Читаем The history of Rome полностью

In historical composition this epoch is especially marked by the emergence of an author who did not belong to Italy either by birth or in respect of his intellectual and literary standpoint, but who first or rather alone brought literary appreciation and description to bear on Rome's place in the world, and to whom all subsequent generations, and we too, owe the best part of our knowledge of the Roman development. Polybius (c. 546-c. 627) of Megalopolis in the Peloponnesus, son of the Achaean statesman Lycortas, took part apparently as early as 565 in the expedition of the Romans against the Celts of Asia Minor, and was afterwards on various occasions, especially during the third Macedonian war, employed by his countrymen in military and diplomatic affairs. After the crisis occasioned by that war in Hellas he was carried off along with the other Achaean hostages to Italy[26], where he lived in exile for seventeen years (587-604) and was introduced by the sons of Paullus to the genteel circles of the capital. By the sending back of the Achaean hostages[27] he was restored to his home, where he thenceforth acted as permanent mediator between his confederacy and the Romans. He was present at the destruction of Carthage and of Corinth (608). He seemed educated, as it were, by destiny to comprehend the historical position of Rome more clearly than the Romans of that day could themselves. From the place which he occupied, a Greek statesman and a Roman prisoner, esteemed and occasionally envied for his Hellenic culture by Scipio Aemilianus and the first men of Rome generally, he saw the streams, which had so long flowed separately, meet together in the same channel and the history of the states of the Mediterranean resolve itself into the hegemony of Roman power and Greek culture. Thus Polybius became the first Greek of note, who embraced with serious conviction the comprehensive view of the Scipionic circle, and recognized the superiority of Hellenism in the sphere of intellect and of the Roman character in the sphere of politics as facts, regarding which history had given her final decision, and to which people on both sides were entitled and bound to submit. In this spirit he acted as a practical statesman, and wrote his history.

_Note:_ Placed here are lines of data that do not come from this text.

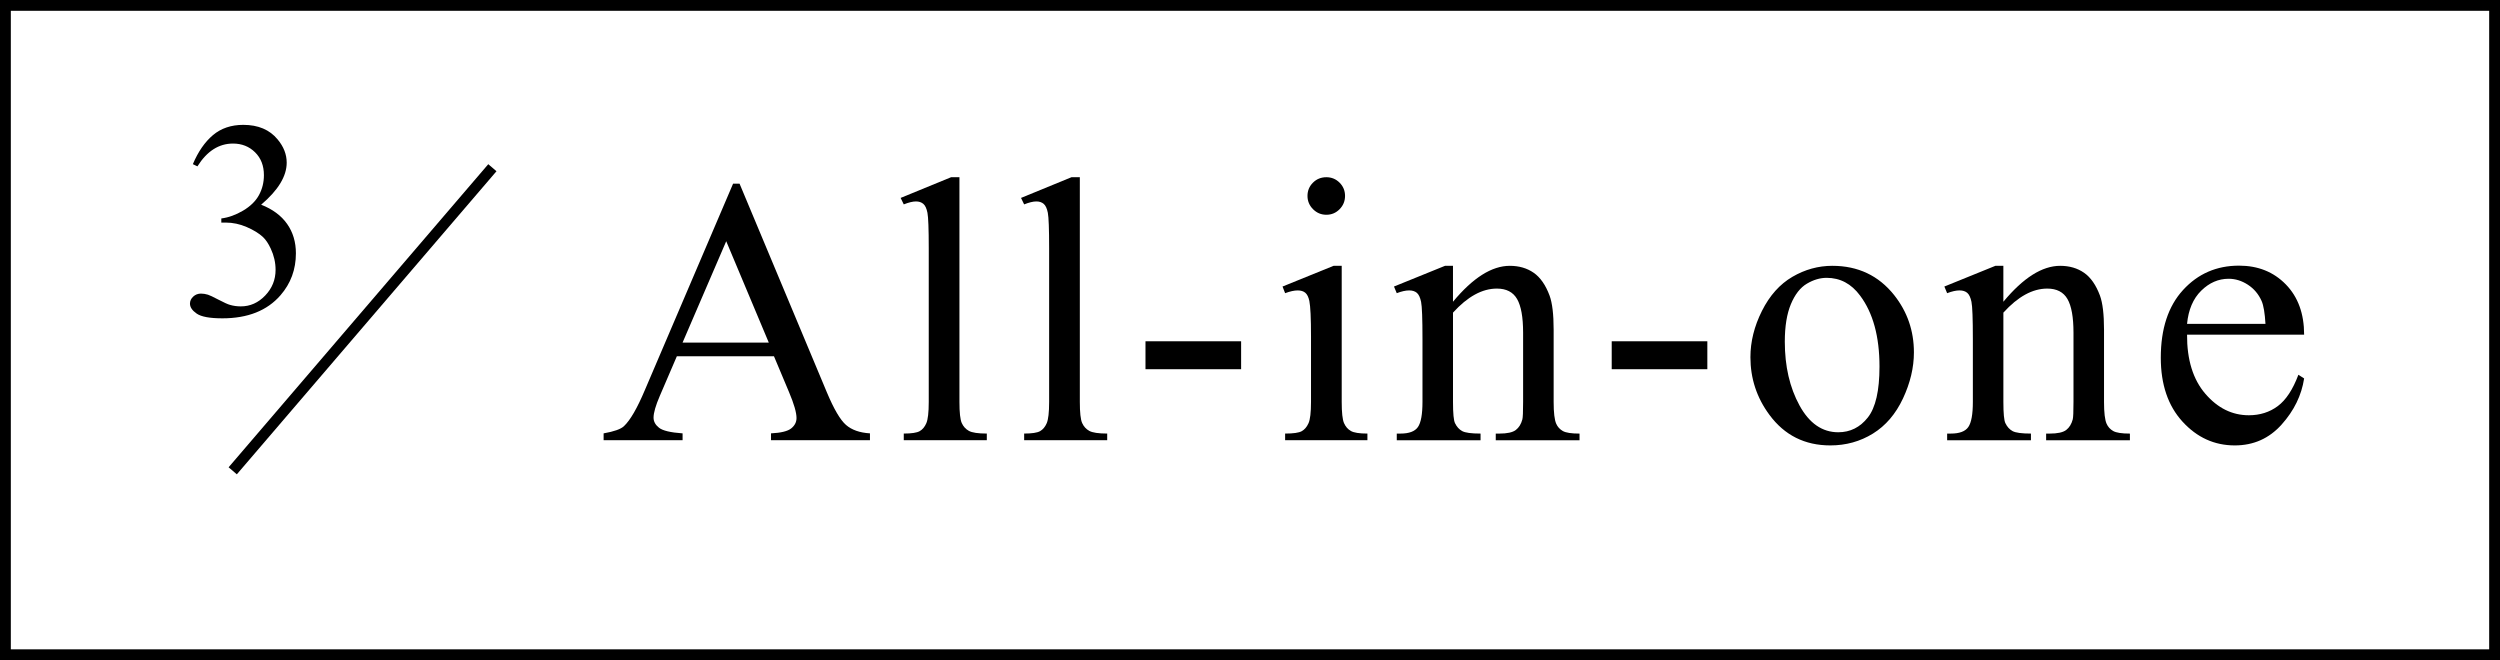 <?xml version="1.0" encoding="UTF-8"?>
<svg id="_レイヤー_2" data-name="レイヤー 2" xmlns="http://www.w3.org/2000/svg" width="231" height="61" viewBox="0 0 231 61">
  <g id="txt">
    <path d="M231,61H0V0h231v61ZM1,60h229V1H1v59Z"/>
    <g>
      <path d="M71.514,32.918h-8.973l-1.572,3.657c-.388.9-.581,1.572-.581,2.017,0,.353.168.664.504.931.336.268,1.062.442,2.179.521v.632h-7.297v-.632c.968-.171,1.595-.393,1.88-.667.581-.547,1.225-1.658,1.931-3.333l8.152-19.072h.598l8.066,19.277c.65,1.55,1.239,2.555,1.77,3.016.529.461,1.267.721,2.213.778v.632h-9.143v-.632c.922-.045,1.546-.199,1.871-.461.324-.262.486-.581.486-.957,0-.501-.228-1.293-.684-2.375l-1.4-3.333ZM71.035,31.654l-3.932-9.365-4.033,9.365h7.965Z"/>
      <path d="M88.652,16.375v20.764c0,.98.071,1.629.214,1.948.143.319.361.561.658.726.296.165.849.248,1.657.248v.615h-7.673v-.615c.718,0,1.207-.074,1.47-.222.262-.148.467-.393.615-.735.147-.342.223-.997.223-1.965v-14.219c0-1.766-.041-2.851-.12-3.256-.08-.404-.208-.681-.385-.829-.177-.148-.401-.222-.675-.222-.297,0-.673.091-1.128.273l-.29-.598,4.665-1.914h.769Z"/>
      <path d="M99.776,16.375v20.764c0,.98.071,1.629.214,1.948.143.319.361.561.658.726.296.165.849.248,1.657.248v.615h-7.673v-.615c.718,0,1.207-.074,1.47-.222.262-.148.467-.393.615-.735.147-.342.223-.997.223-1.965v-14.219c0-1.766-.041-2.851-.12-3.256-.08-.404-.208-.681-.385-.829-.177-.148-.401-.222-.675-.222-.297,0-.673.091-1.128.273l-.29-.598,4.665-1.914h.769Z"/>
      <path d="M105.843,31.534h8.836v2.581h-8.836v-2.581Z"/>
      <path d="M123.974,24.562v12.578c0,.98.071,1.632.214,1.957.142.325.353.567.632.726.279.16.789.239,1.529.239v.615h-7.604v-.615c.763,0,1.275-.074,1.538-.222.262-.148.47-.393.624-.735.153-.342.23-.997.23-1.965v-6.033c0-1.698-.052-2.797-.153-3.298-.08-.365-.205-.618-.377-.76-.17-.142-.404-.214-.7-.214-.319,0-.707.085-1.162.256l-.239-.615,4.717-1.914h.752ZM122.556,16.375c.479,0,.885.168,1.222.504.336.336.504.743.504,1.222s-.168.889-.504,1.23c-.337.342-.743.513-1.222.513s-.889-.171-1.23-.513-.514-.752-.514-1.23.168-.886.505-1.222c.336-.336.749-.504,1.239-.504Z"/>
      <path d="M134.26,27.877c1.835-2.21,3.583-3.315,5.247-3.315.854,0,1.589.214,2.204.641s1.105,1.131,1.471,2.111c.25.684.375,1.732.375,3.145v6.682c0,.991.08,1.664.24,2.017.125.285.327.507.606.667.278.16.794.239,1.546.239v.615h-7.741v-.615h.325c.729,0,1.238-.111,1.529-.333.29-.222.492-.55.606-.983.045-.171.068-.706.068-1.606v-6.409c0-1.424-.186-2.458-.556-3.102-.37-.644-.994-.966-1.871-.966-1.356,0-2.706.741-4.051,2.222v8.254c0,1.06.062,1.715.188,1.965.159.331.379.573.658.726.278.154.846.231,1.7.231v.615h-7.742v-.615h.342c.798,0,1.336-.202,1.615-.607.279-.404.419-1.176.419-2.316v-5.811c0-1.88-.043-3.025-.128-3.435-.086-.41-.217-.689-.394-.837-.177-.148-.413-.222-.709-.222-.319,0-.7.085-1.146.256l-.256-.615,4.717-1.914h.734v3.315Z"/>
      <path d="M148.922,31.534h8.836v2.581h-8.836v-2.581Z"/>
      <path d="M169.309,24.562c2.369,0,4.272.9,5.708,2.7,1.219,1.538,1.829,3.304,1.829,5.298,0,1.401-.337,2.82-1.009,4.255-.673,1.436-1.598,2.518-2.777,3.247-1.179.729-2.492,1.094-3.938,1.094-2.359,0-4.233-.94-5.623-2.82-1.174-1.583-1.76-3.361-1.76-5.332,0-1.436.355-2.863,1.067-4.281s1.649-2.467,2.812-3.145c1.162-.678,2.393-1.017,3.691-1.017ZM168.779,25.672c-.604,0-1.211.179-1.82.538-.61.359-1.103.989-1.479,1.888-.376.9-.564,2.057-.564,3.469,0,2.279.453,4.244,1.359,5.896.905,1.652,2.099,2.478,3.58,2.478,1.104,0,2.017-.456,2.734-1.367.718-.911,1.076-2.478,1.076-4.7,0-2.78-.598-4.967-1.794-6.562-.81-1.094-1.84-1.641-3.093-1.641Z"/>
      <path d="M185.115,27.877c1.835-2.21,3.583-3.315,5.247-3.315.854,0,1.589.214,2.204.641s1.105,1.131,1.471,2.111c.25.684.375,1.732.375,3.145v6.682c0,.991.08,1.664.24,2.017.125.285.327.507.606.667.278.16.794.239,1.546.239v.615h-7.741v-.615h.325c.729,0,1.238-.111,1.529-.333.29-.222.492-.55.606-.983.045-.171.068-.706.068-1.606v-6.409c0-1.424-.186-2.458-.556-3.102-.37-.644-.994-.966-1.871-.966-1.356,0-2.706.741-4.051,2.222v8.254c0,1.06.062,1.715.188,1.965.159.331.379.573.658.726.278.154.846.231,1.7.231v.615h-7.742v-.615h.342c.798,0,1.336-.202,1.615-.607.279-.404.419-1.176.419-2.316v-5.811c0-1.88-.043-3.025-.128-3.435-.086-.41-.217-.689-.394-.837-.177-.148-.413-.222-.709-.222-.319,0-.7.085-1.146.256l-.256-.615,4.717-1.914h.734v3.315Z"/>
      <path d="M202.084,30.919c-.012,2.324.553,4.147,1.692,5.469,1.139,1.322,2.478,1.982,4.016,1.982,1.025,0,1.917-.282,2.675-.846.757-.564,1.393-1.53,1.905-2.897l.529.342c-.238,1.561-.934,2.982-2.084,4.264-1.151,1.282-2.593,1.923-4.324,1.923-1.88,0-3.489-.732-4.828-2.196-1.339-1.464-2.008-3.432-2.008-5.905,0-2.677.687-4.765,2.06-6.263,1.372-1.498,3.096-2.247,5.169-2.247,1.755,0,3.196.578,4.324,1.735,1.128,1.156,1.691,2.703,1.691,4.64h-10.817ZM202.084,29.928h7.246c-.058-1.002-.177-1.709-.358-2.119-.285-.638-.71-1.139-1.273-1.504-.564-.365-1.154-.547-1.77-.547-.945,0-1.791.367-2.537,1.102-.747.735-1.183,1.758-1.308,3.068Z"/>
    </g>
    <g>
      <path d="M17.82,15.168c.491-1.159,1.111-2.054,1.859-2.685.75-.63,1.683-.946,2.8-.946,1.38,0,2.438.449,3.174,1.346.559.669.838,1.384.838,2.146,0,1.253-.787,2.548-2.361,3.885,1.058.415,1.857,1.007,2.399,1.777.542.77.812,1.676.812,2.717,0,1.49-.474,2.78-1.422,3.872-1.235,1.422-3.025,2.133-5.37,2.133-1.159,0-1.948-.144-2.368-.432-.418-.288-.628-.597-.628-.927,0-.245.1-.461.298-.647.199-.186.438-.279.718-.279.212,0,.428.034.647.102.144.042.47.197.978.463s.859.425,1.054.476c.313.093.647.14,1.003.14.863,0,1.614-.334,2.253-1.003.64-.668.959-1.46.959-2.374,0-.668-.148-1.32-.444-1.955-.22-.474-.461-.833-.724-1.079-.364-.338-.863-.645-1.498-.92-.635-.275-1.282-.413-1.942-.413h-.406v-.381c.669-.084,1.339-.326,2.013-.724.672-.398,1.161-.876,1.466-1.435s.457-1.172.457-1.841c0-.872-.272-1.576-.819-2.114-.545-.537-1.225-.806-2.037-.806-1.312,0-2.408.703-3.288,2.107l-.419-.203Z"/>
      <rect x="15.061" y="29" width="36.878" height="1" transform="translate(-10.698 35.748) rotate(-49.414)"/>
    </g>
  </g>
</svg>

If in his youth he had done homage to the honourable but impracticable local patriotism of the Achaeans, during his later years, with a clear discernment of inevitable necessity, he advocated in the community to which he belonged the policy of the closest adherence to Rome. It was a policy in the highest degree judicious and beyond doubt well-intentioned, but it was far from being high-spirited or proud. Nor was Polybius able wholly to disengage himself from the vanity and paltriness of the Hellenic statesmanship of the time. He was hardly released from exile, when he proposed to the senate that it should formally secure to the released their former rank in their several homes; whereupon Cato aptly remarked, that this looked to him as if Ulysses were to return to the cave of Polyphemus to request from the giant his hat and girdle. He often made use of his relations with the great men in Rome to benefit his countrymen; but the way in which he submitted to, and boasted of, the illustrious protection somewhat approaches fawning servility. His literary activity breathes throughout the same spirit as his practical action. It was the task of his life to write the history of the union of the Mediterranean states under the hegemony of Rome. From the first Punic war down to the destruction of Carthage and Corinth his work embraces the fortunes of all the civilized states - namely Greece, Macedonia, Asia Minor, Syria, Egypt, Carthage, and Italy - and exhibits in causal connection the mode in which they came under the Roman protectorate; in so far he describes it as his object to demonstrate the fitness and reasonableness of the Roman hegemony.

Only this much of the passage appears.